Ours had a permanent earthen berm, but frozen slush will work quite well also.  Surface was leveled to within an inch or so.  No liner is necessary, frozen soil is generally impervious.  We parked the water wagon next to it with a 1000 gallon tank and had it set up to fill through the 2 1/2" outlet so it wouldn't freeze while filling.  I can't remember for sure but I think we needed a length of fire hose to flood evenly in really cold weather, as opposed to letting the water flow directly onto the rink from the tank.  String up some lights and you're all set.  Biggest expense was stitches.


----------



## firefighterjake (Jan 5, 2015)

Growing up we had a farm pond nearby to skate on . . . only negative . . . wasn't until college that I learned that my mother had been buying me figure skates for all those years instead of hockey skates.


----------



## Pellet_Pete (Jan 5, 2015)

Joful said:


> So, when are you doing the lawn tractor Zamboni conversion?


Ha!  I guess I'd have to get a lawn tractor first .  I did rig up a handheld "rink rake" (aka homeboni or man-boni) that I can hook up to a 5 gallon bucket of hot water, or I can run a hose right from my utility sink out the bulkhead too.


----------



## Warm_in_NH (Jan 5, 2015)

Channel 9 here in NH (wmur) has a Shor "chronicle" (neither are very good) but the did a 15 min segment on back yard rinks tonight.  In summary, whether you spend $30 or $30,000, you kids get to skate at home, WA s pretty cool. 
One guy has a covered rink, two heated "locker " rooms, and a golf card that doubles as a Zamboni!


----------



## ironpony (Jan 8, 2015)

makes me want to skate again, might have to give this a try. my luck will be as soon as I build it, it will be the warmest winter on record.

next year we should be in St Croix, will be hard to get water to freeze, being it does not get below 75 degrees.


----------



## Pellet_Pete (Jan 11, 2015)

Well, we've had great skating weather so far, and yesterday we hosted the entire Mites team for some off-rink leisure time that, of course, turned into rink time.  There's no keeping these kids off the ice!  Great skating weather - sunny and low 20's - and all the kids enjoying some unstructured ice time after a morning win.  Here's a pic of "100 square feet per skater".  Priceless, literally priceless.  The kids really bonded more than they have all season, and they went on this morning to work their tails off and win a real tough game!  Did I say "priceless" already?  Can't beat it.


----------



## johnpma (Jan 12, 2015)

good stuff!! we are luck to have a huge pond in the woods a couple hundred yards from our home spent 4 hrs yesterday getting handled by my boys in a pickup game.....still beat them sitting on their arse playing video games


----------



## maple1 (Jan 12, 2015)

Pellet_Pete said:


> Well, we've had great skating weather so far, and yesterday we hosted the entire Mites team for some off-rink leisure time that, of course, turned into rink time.  There's no keeping these kids off the ice!  Great skating weather - sunny and low 20's - and all the kids enjoying some unstructured ice time after a morning win.  Here's a pic of "100 square feet per skater".  Priceless, literally priceless.  The kids really bonded more than they have all season, and they went on this morning to work their tails off and win a real tough game!  Did I say "priceless" already?  Can't beat it.
> View attachment 150384



Now THAT is AWESOME.


----------



## tsquini (Jan 12, 2015)

This is our pond a few days ago it is about 60' x 60'. We did about 12 hrs of hockey over the weekend.
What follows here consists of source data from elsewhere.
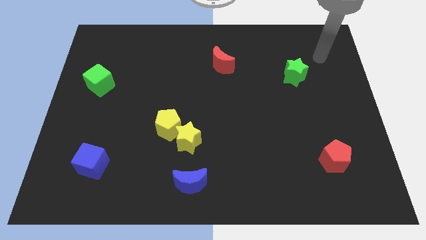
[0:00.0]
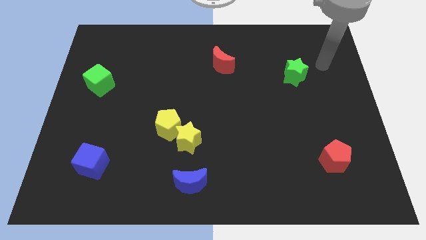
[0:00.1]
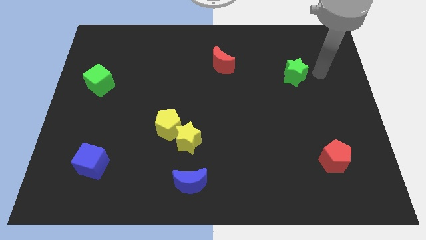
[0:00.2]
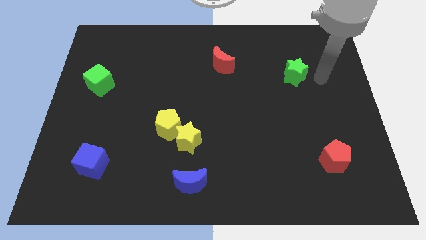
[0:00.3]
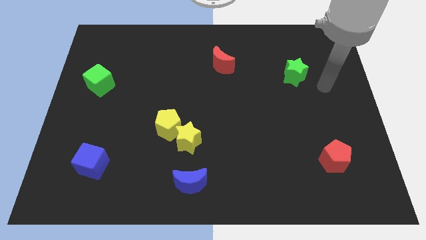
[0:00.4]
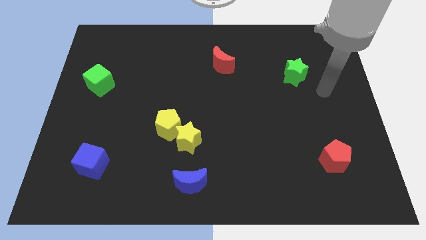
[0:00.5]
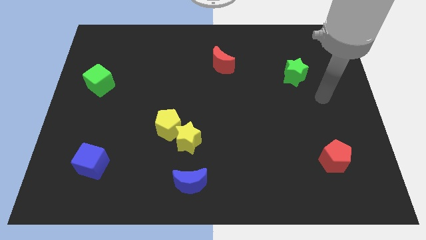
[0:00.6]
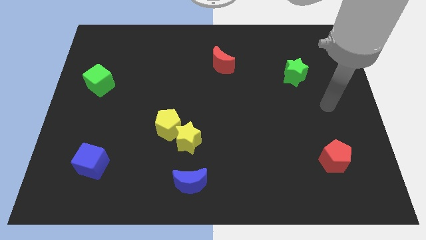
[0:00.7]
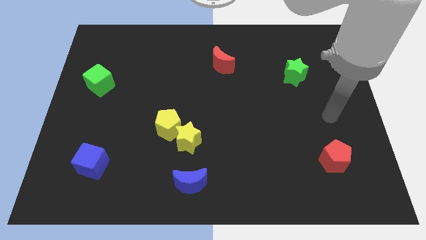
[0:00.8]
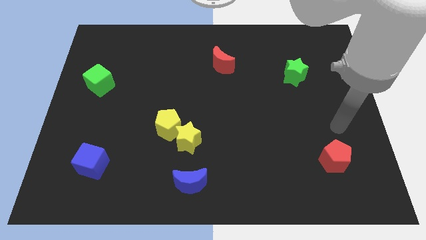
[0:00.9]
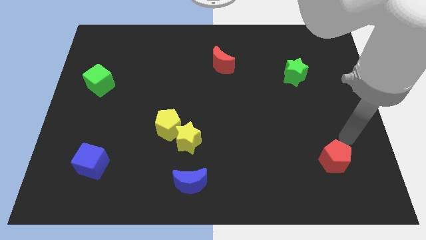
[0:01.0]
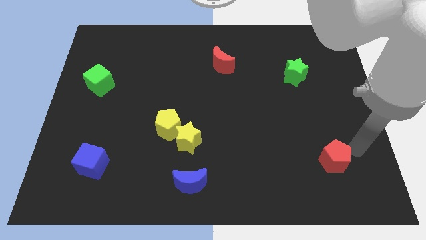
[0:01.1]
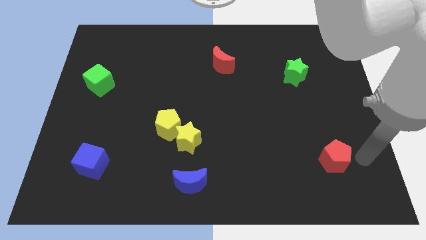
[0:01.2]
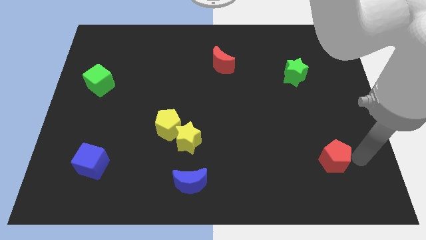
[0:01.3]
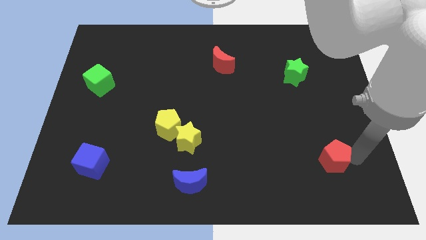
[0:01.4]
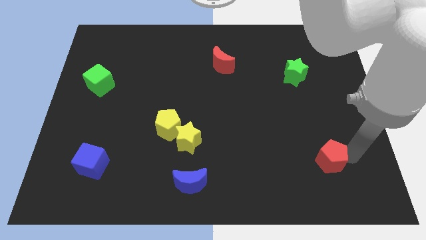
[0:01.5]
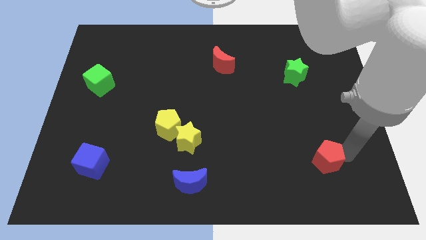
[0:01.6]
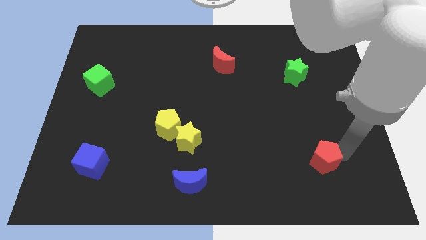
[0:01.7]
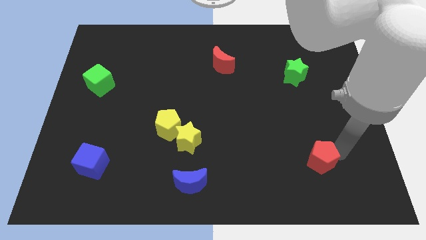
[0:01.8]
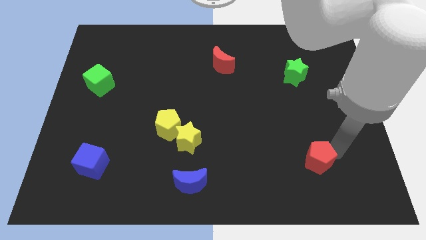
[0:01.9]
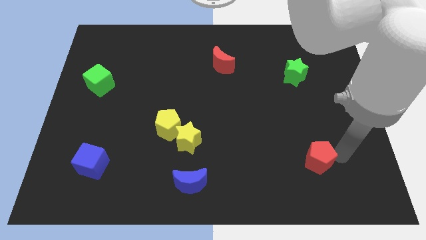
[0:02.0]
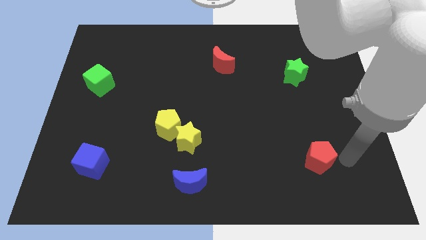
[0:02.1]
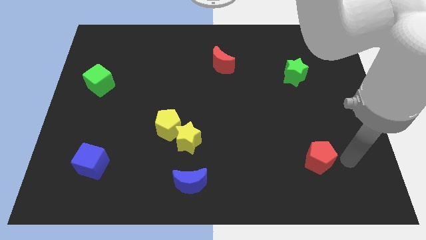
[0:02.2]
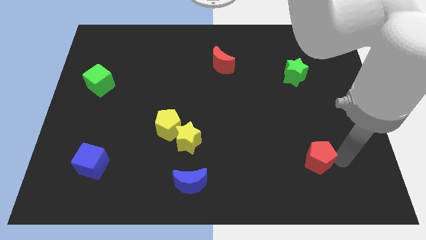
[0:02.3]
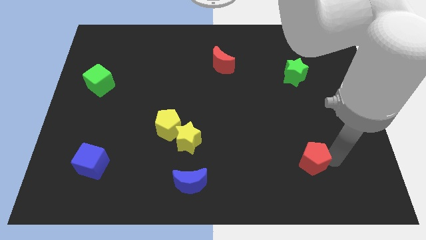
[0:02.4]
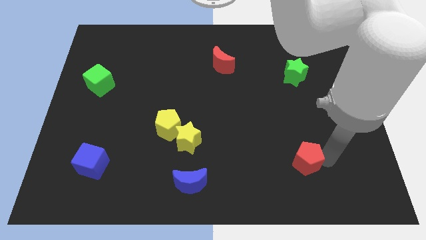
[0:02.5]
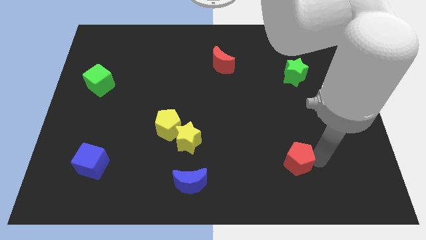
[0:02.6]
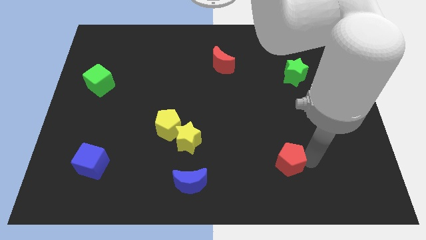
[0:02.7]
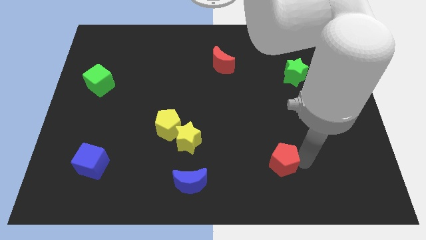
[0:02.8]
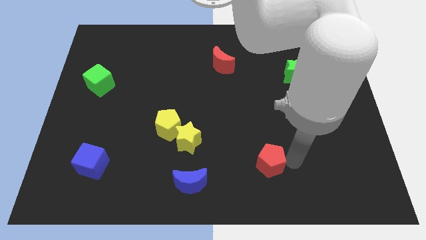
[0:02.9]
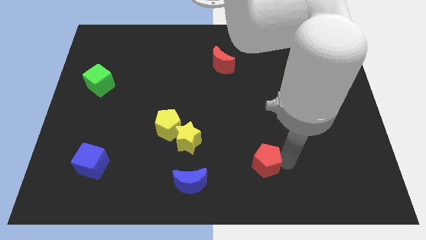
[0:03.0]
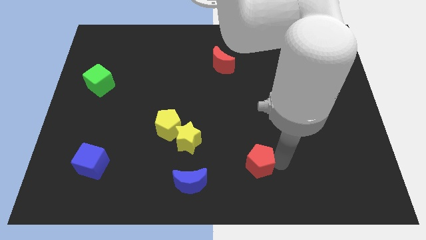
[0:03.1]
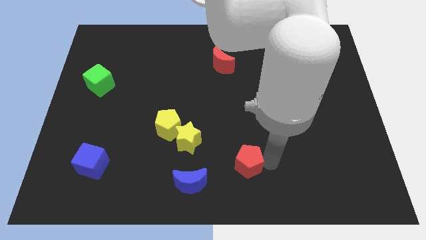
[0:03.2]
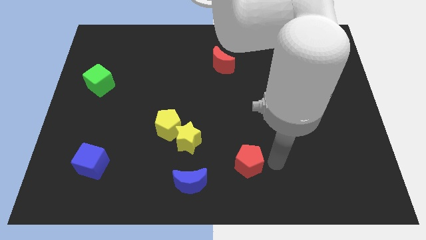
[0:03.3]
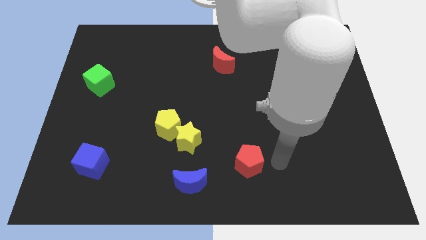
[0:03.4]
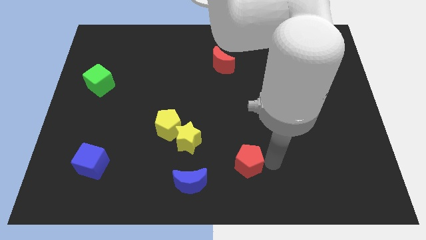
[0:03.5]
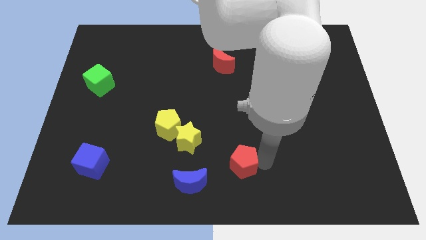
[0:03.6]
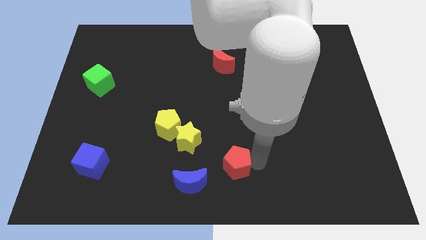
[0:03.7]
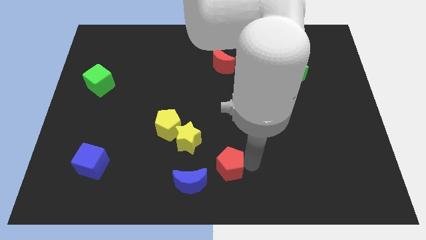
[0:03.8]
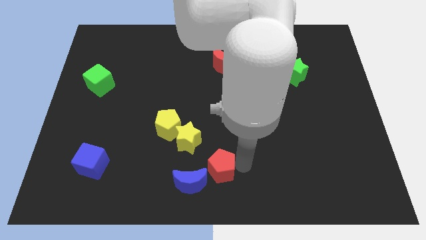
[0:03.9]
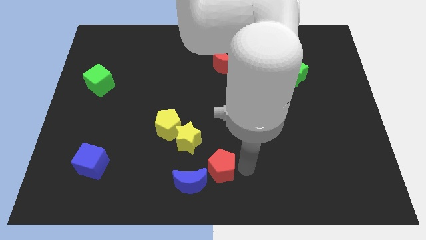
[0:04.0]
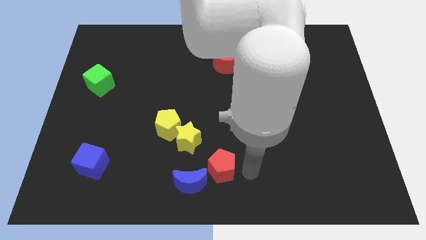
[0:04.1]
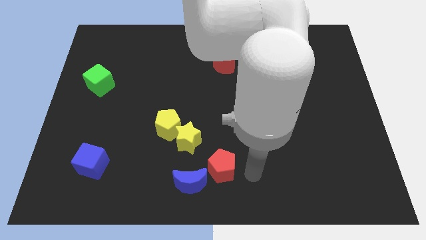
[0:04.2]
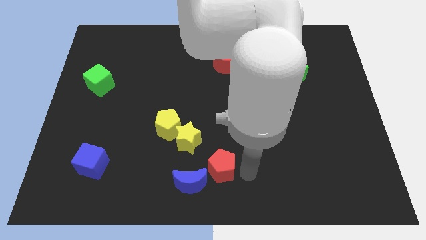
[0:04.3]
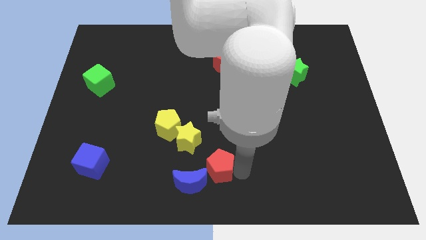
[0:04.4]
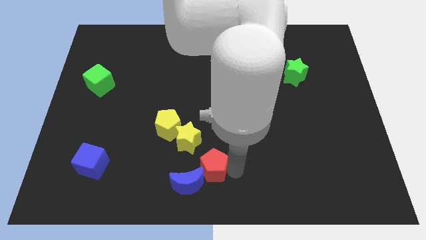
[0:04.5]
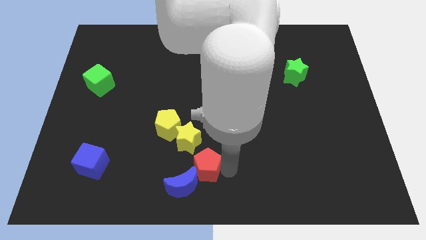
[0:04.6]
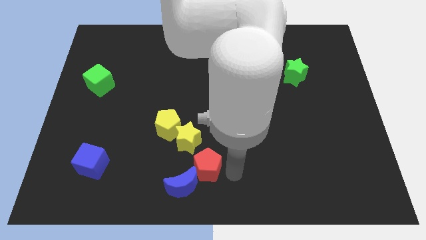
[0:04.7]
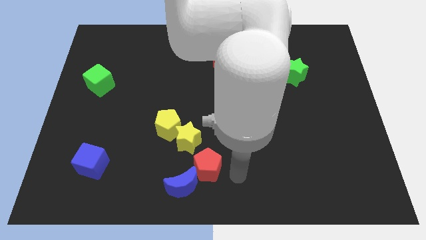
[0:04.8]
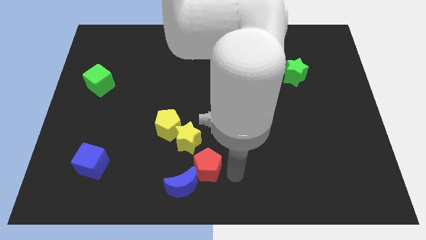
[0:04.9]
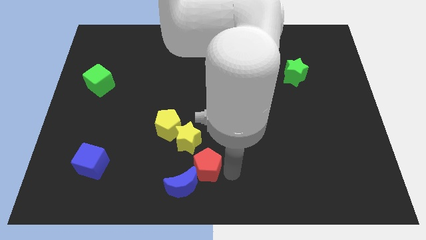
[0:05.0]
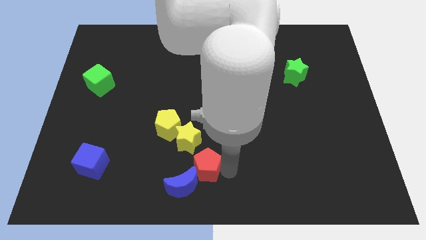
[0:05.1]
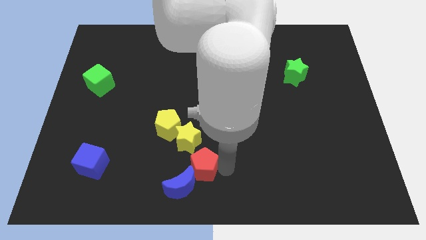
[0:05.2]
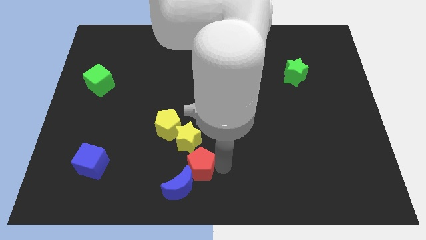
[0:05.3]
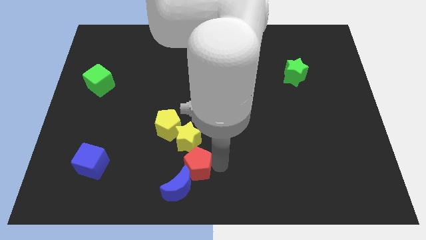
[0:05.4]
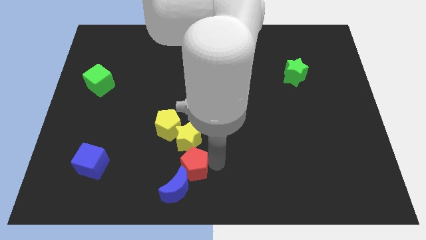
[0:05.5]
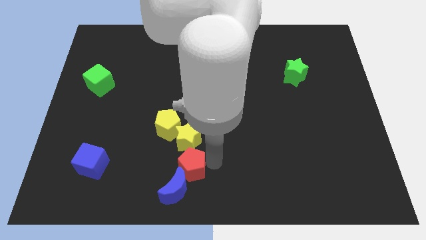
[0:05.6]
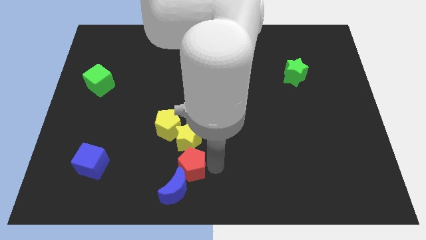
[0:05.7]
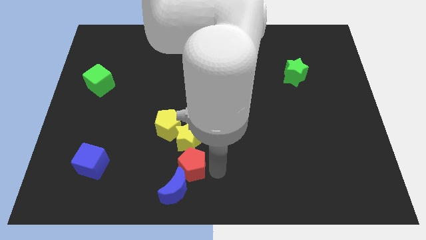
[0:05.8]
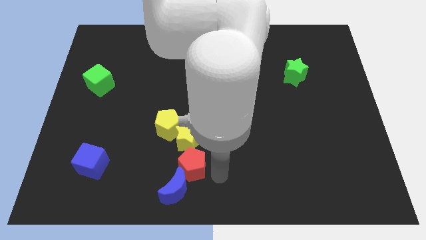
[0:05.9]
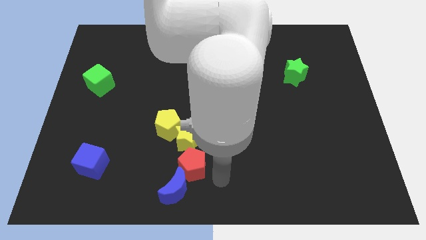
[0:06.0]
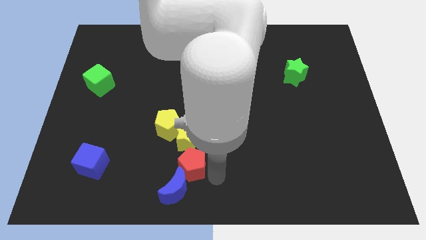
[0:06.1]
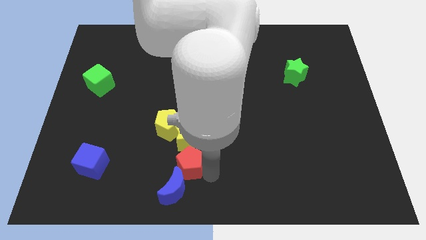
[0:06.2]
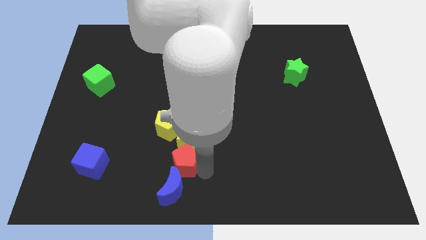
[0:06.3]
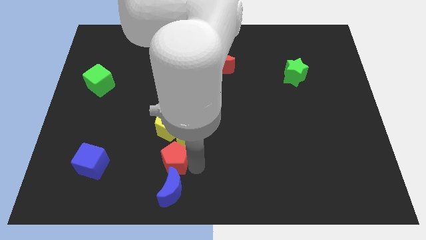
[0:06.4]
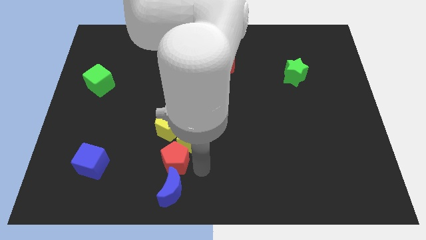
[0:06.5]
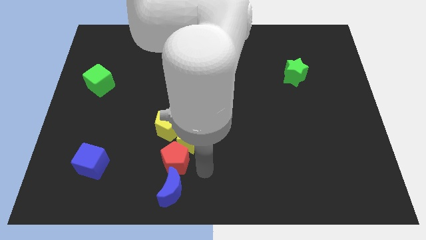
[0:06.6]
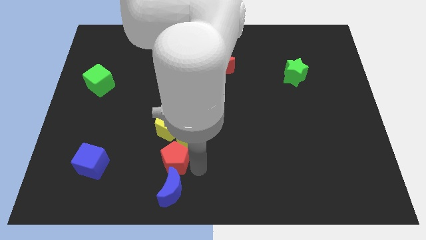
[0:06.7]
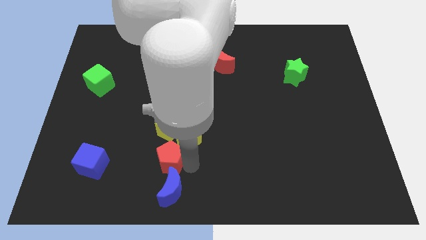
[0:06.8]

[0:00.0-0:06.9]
push the red pentagon left of the yellow star

My knees are yelling at me now.


----------



## johnpma (Jan 13, 2015)

This is exactly the way it's suppose to be!! Growing up the city I lived in out in western Mass would flood a field and make a huge rink for the community. We would rush home from school, grab our skates and fly to the rink for pickup hockey. This was boys and girls. Somebody got hurt, parent sued, and the court ordered the rink shut down........love to see this stuff and parents involved with the kids. This weekend its hockey on our pond and tip-ups set around the perimeter while cooking out on the grill......can't wait


----------



## Tatnic Corners (Jan 13, 2015)

We have a vernal pool in the front of the house that is probably 10 feet in diameter. That kept the kids happy for three years! Two more than I thought it would, now they (and I) skate on the 15-20 acre beaver pond that took over the land next to us. Just incredible to be able to skate and skate on a pond that we canoe on the rest of the year.  

Only wish there were fish in it  I have memories of ice fishing on Ashfield lake as a kid, we'd bring shovels and hockey sticks and skates. Clear a rink, play hockey and fish that night.


----------